If historical data are available concerning the frequencies of response to identical pairs, a chi-square test can be performed as shown below. Note that this analysis cannot be done for a test in which the same subjects provide the “placebo” judgments because the chi-square test assumes independent samples.

Placebo analysis #1. Using historical data for expected frequencies.

Cells in the top row (A1, NP1, and B1) are expected frequencies (expected proportion × N judges). Cells in row 2 (A2, NP2, and B2) are the obtained data, frequencies of response in the preference comparison for the actual (different) test samples.

Table 7

Placebo analysis #2. The same consumers participate in the placebo trial and the test pair.

If the same people are used for the “placebo” trial and the normal preference comparison trial, an option is to recast the data into another 2 × 3 table, with the rows now representing whether the individual expressed a preference (or not) on the placebo trial. The columns remain Prefer A, no preference, Prefer B. A chi-square test will now tell you whether the proportions of preference changed comparing those who elected the no-preference option for the placebo pair versus those who expressed a “false preference” for the identical pair. This does not provide evidence for the existence of any stable segments nor will it tell you if there is a significant preference from this analysis alone.

If there is no significant chi square, you can feel justified in combining the two rows. If not, you may then analyze each row separately. The correct analyses are as stated in the no-preference Section 13.4: eliminating no-preference judgments, apportioning them, doing a test of d-prime values, or the confidence interval approach if the assumptions are met.

Each judge is classified into one of the six cells, A1, A2, B1, B2, NP1, or NP2. The first row contains the data from people who reported no preference on the placebo pair. The second row contains the data from people who expressed a preference with the placebo pair. A chi-square test will now show whether the two rows have different proportions. If not, the rows may be combined. If they are different, separate analyses may be performed on each row, using the methods of analysis of the no-preference option discussed earlier in the chapter.

Table 8

13.3 Appendix 3: Worked Example of Multinomial Approach to Analyzing Data with the No-Preference Option

This approach yields multinomial distribution confidence intervals for “no-preference” option, Data should be from a large test, N > 100, and the no-preference option was used rarely (<20%) (Quesenberry and Hurst, 1964, p. 193, Eq. (2.9)).

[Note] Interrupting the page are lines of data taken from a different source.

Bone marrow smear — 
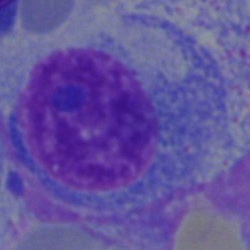

Morphological class = plasma cell.
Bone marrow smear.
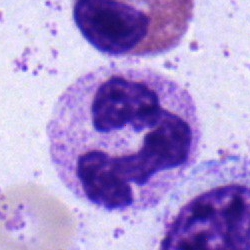

A neutrophil (segmented).
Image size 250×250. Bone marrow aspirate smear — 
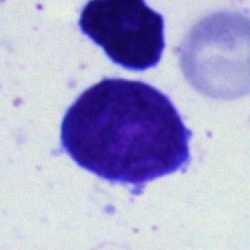
Q: What type of cell is this?
A: This is a typical lymphocyte.
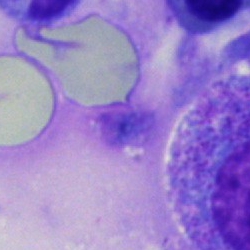

This is an artifact.
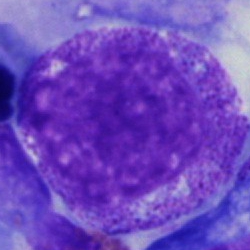A progranulocyte on a bone marrow smear.

Upper and lower confidence interval boundaries are given by

$${\textrm{CI}} = \frac{{\chi ^2 + 2X \pm \sqrt {\chi ^2 \left[ \displaystyle{\frac{{\chi ^2 + 4X(N - X)}}{N}} \right]} }}{{2\left( {N + \chi ^2 } \right)}}$$

where

• \(\chi _{{\textrm{critical}}}^{\textrm{2}} = 5.99\) for α at 5% and 2 df,

• X = number of observed preference votes for one sample,

• N = sample size.

Example: For: N = 162, X ₁ = 83, X ₂ = 65, and no preference = 14.

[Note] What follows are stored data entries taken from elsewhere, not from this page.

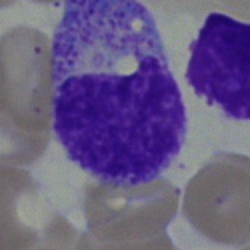 Specimen: bone marrow aspirate smear.
Cell type: myelocyte.
Lineage: myeloid.
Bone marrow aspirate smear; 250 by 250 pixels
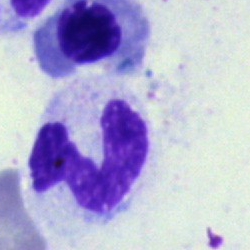

Cell — band neutrophil.
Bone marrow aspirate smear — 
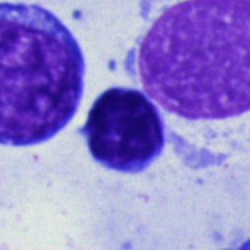Typical lymphocyte.
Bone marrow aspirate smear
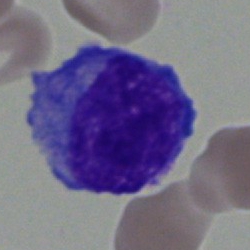 Q: What cell is this?
A: Promyelocyte.
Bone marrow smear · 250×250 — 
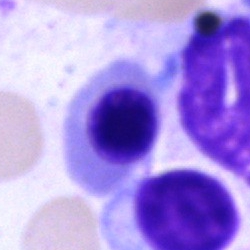 Classification — nucleated red cell.

First find the confidence interval for product X ₁ (choices = 83/162)

$$\begin{aligned}{\textrm{CI}}&= \frac{{5.99 + 2(83) \pm \sqrt {5.99\left[ {\frac{{5.99 + 4(83)(162 - 83)}}{{162}}} \right]} }}{{2\left( {162 + 5.99} \right)}}\\& = \frac{{171.99 \pm 31.15}}{{335.98}}\end{aligned}$$

which gives an interval from 0.42 to 0.60 for product X ₁.

Then find the confidence interval for product X ₂ (choices = 65/162)

$$\begin{aligned}{\textrm{CI}}&= \frac{{5.99 + 2(65) \pm \sqrt {5.99\left[ {\frac{{5.99 + 4(65)(162 - 65)}}{{162}}} \right]} }}{{2\left( {162 + 5.99} \right)}}\\& = \frac{{135.99 \pm 30.39}}{{335.98}}\end{aligned}$$

which gives an interval from 0.31 to 0.50 for product X ₂. The lower bound of the higher proportion (0.42) overlaps with the upper bound of the lower proportion (0.50). We therefore conclude that there is not enough evidence for any difference in the preference proportions.